Would you copy the records below, exactly and only from their first line through the line containing "70H40M16 64.5V15C16 12.239", without any pictures?
─── INFORMATION
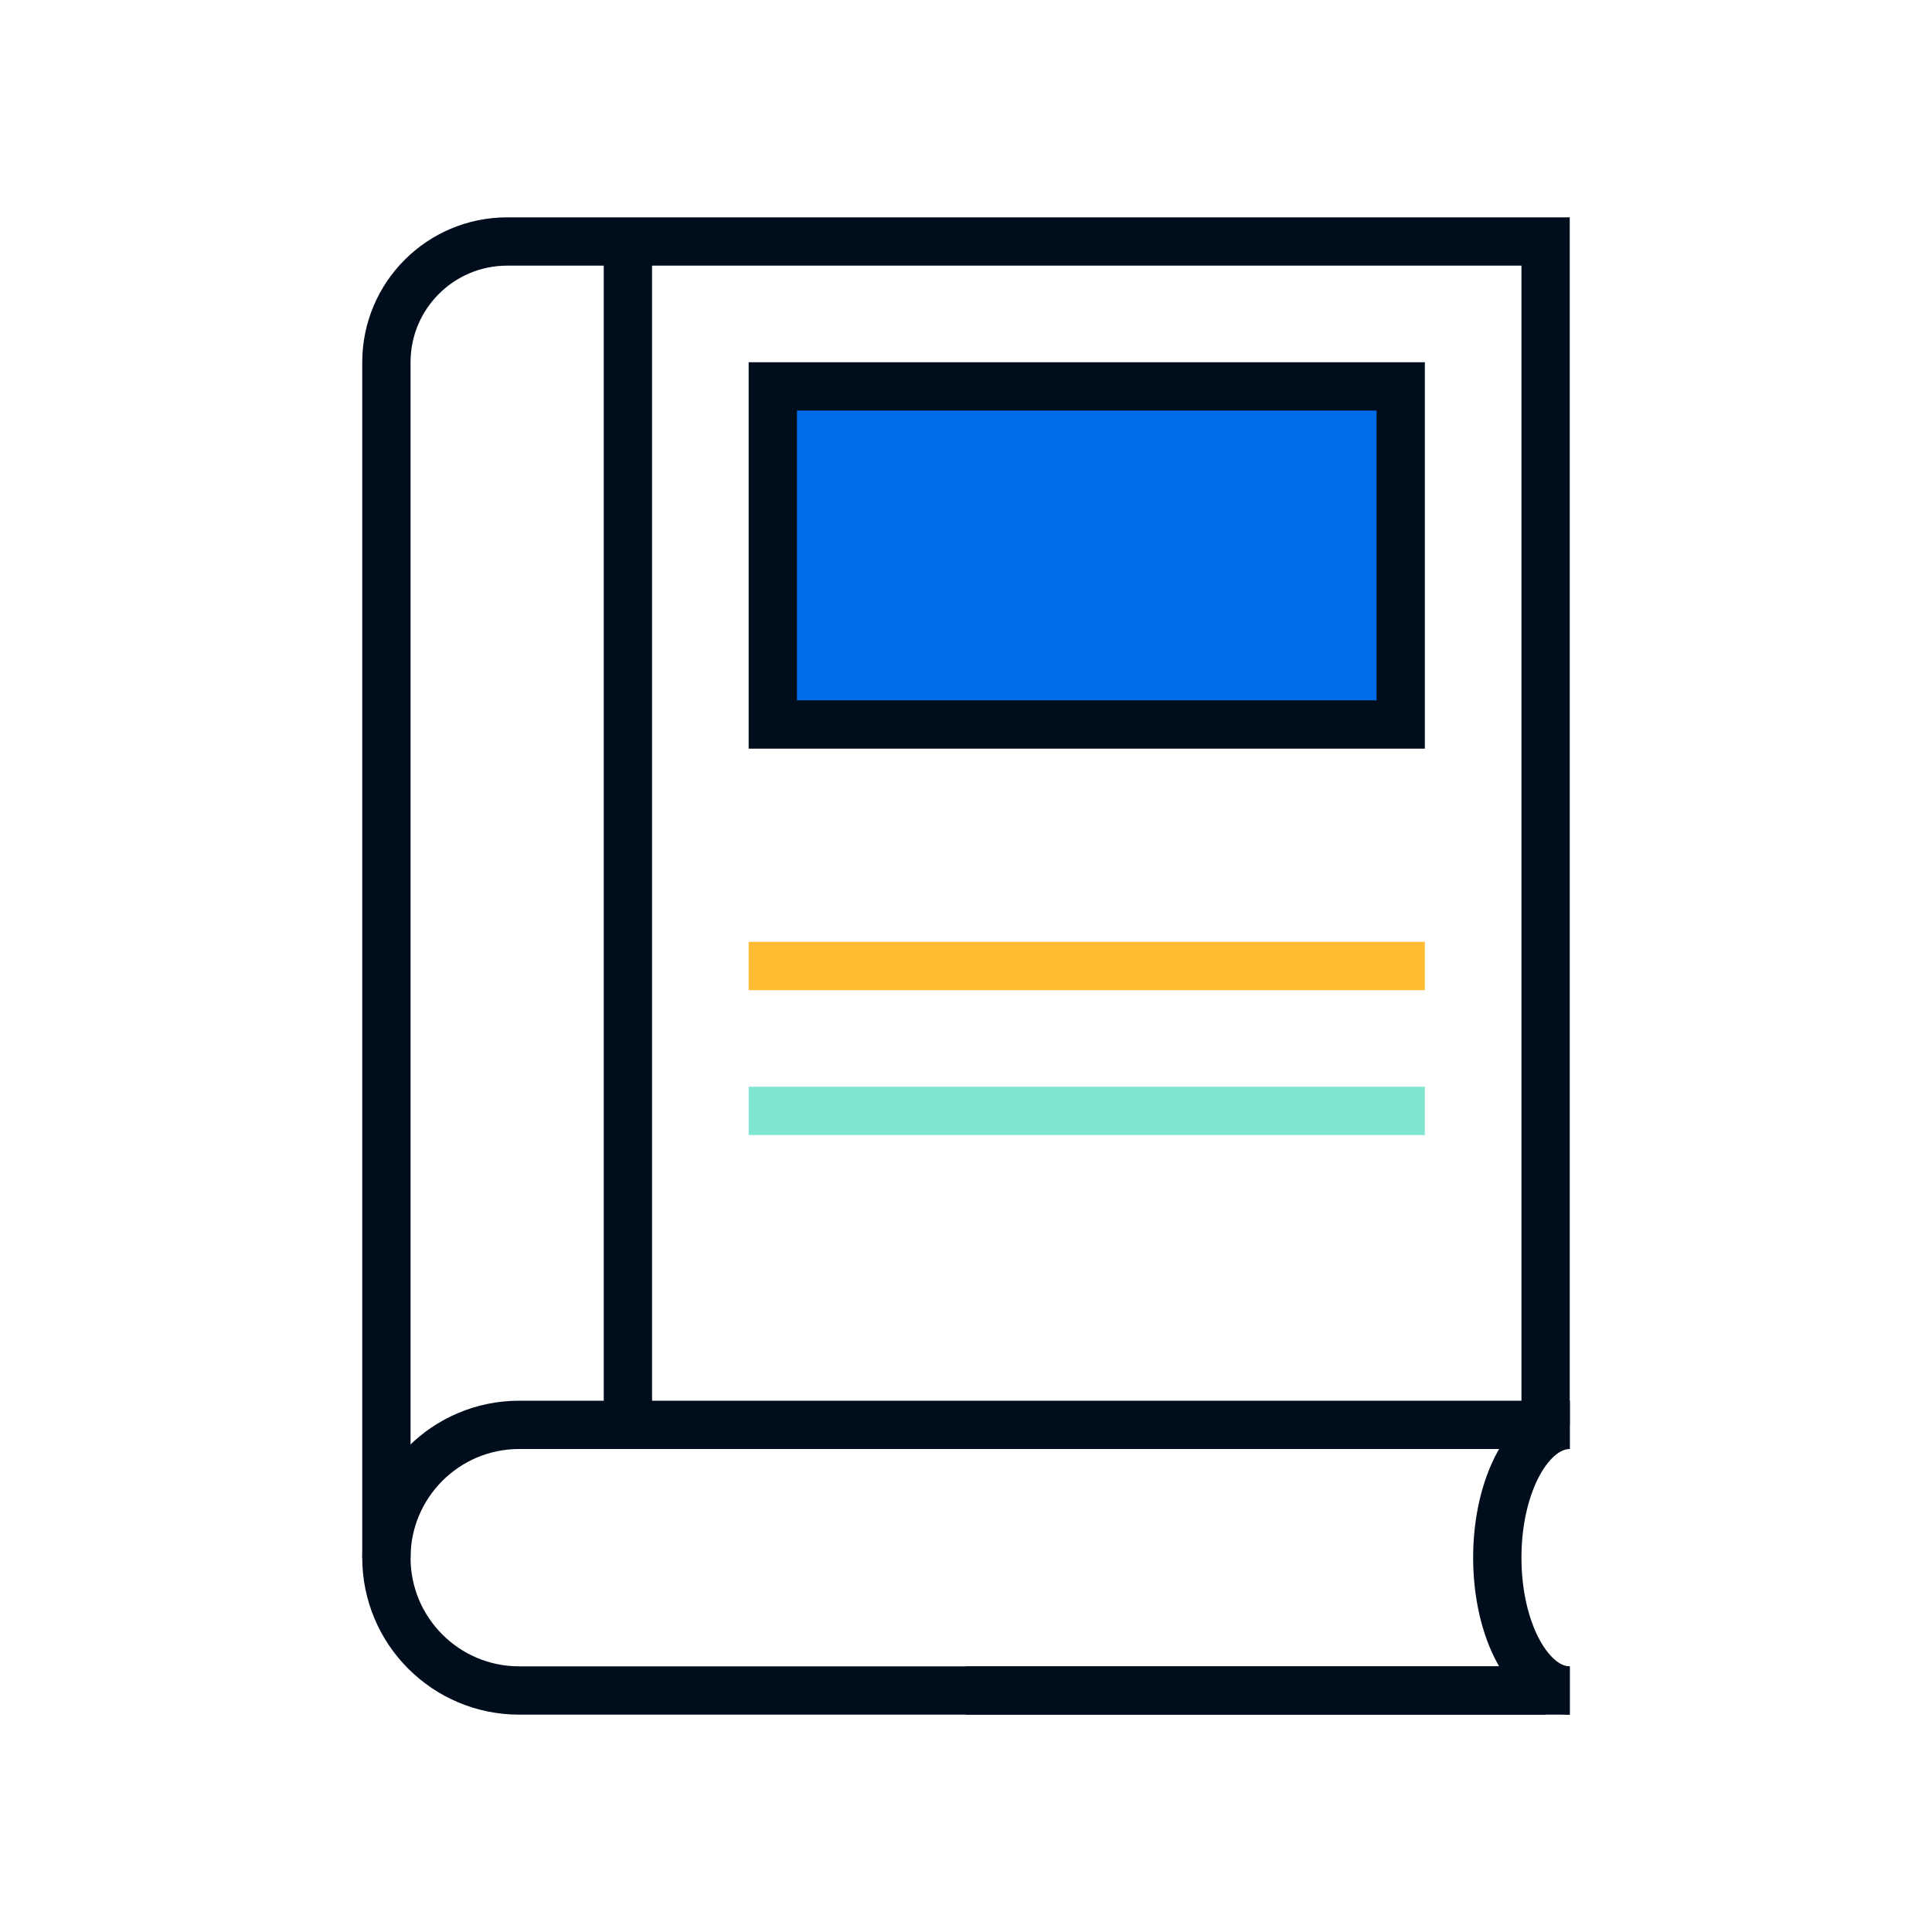 <svg width="80" height="80" viewBox="0 0 80 80" fill="none" xmlns="http://www.w3.org/2000/svg">
<path d="M64 70H40M16 64.5V15C16 12.239 18.239 10 21 10H64V40V59" stroke="#000D1C" stroke-width="2"/>
<path d="M65 59H21.5C18.462 59 16 61.462 16 64.5V64.5C16 67.538 18.462 70 21.5 70H65" stroke="#000D1C" stroke-width="2" stroke-linejoin="round"/>
<path d="M65 70C63.343 70 62 67.538 62 64.5C62 61.462 63.343 59 65 59" stroke="#000D1C" stroke-width="2"/>
<rect x="32" y="16" width="26" height="14" fill="#006CE8" stroke="#000D1C" stroke-width="2"/>
<path d="M26 10V59" stroke="#000D1C" stroke-width="2"/>
<path d="M31 40L59 40" stroke="#FFBC33" stroke-width="2"/>
<path d="M31 46L59 46" stroke="#80E6D2" stroke-width="2"/>
</svg>
──────
> _ANSWER AREA_
 <svg width="80" height="80" viewBox="0 0 80 80" fill="none" xmlns="http://www.w3.org/2000/svg">
<path d="M64 70H40M16 64.5V15C16 12.239 18.239 10 21 10H64V40V59" stroke="#000D1C" stroke-width="2"/>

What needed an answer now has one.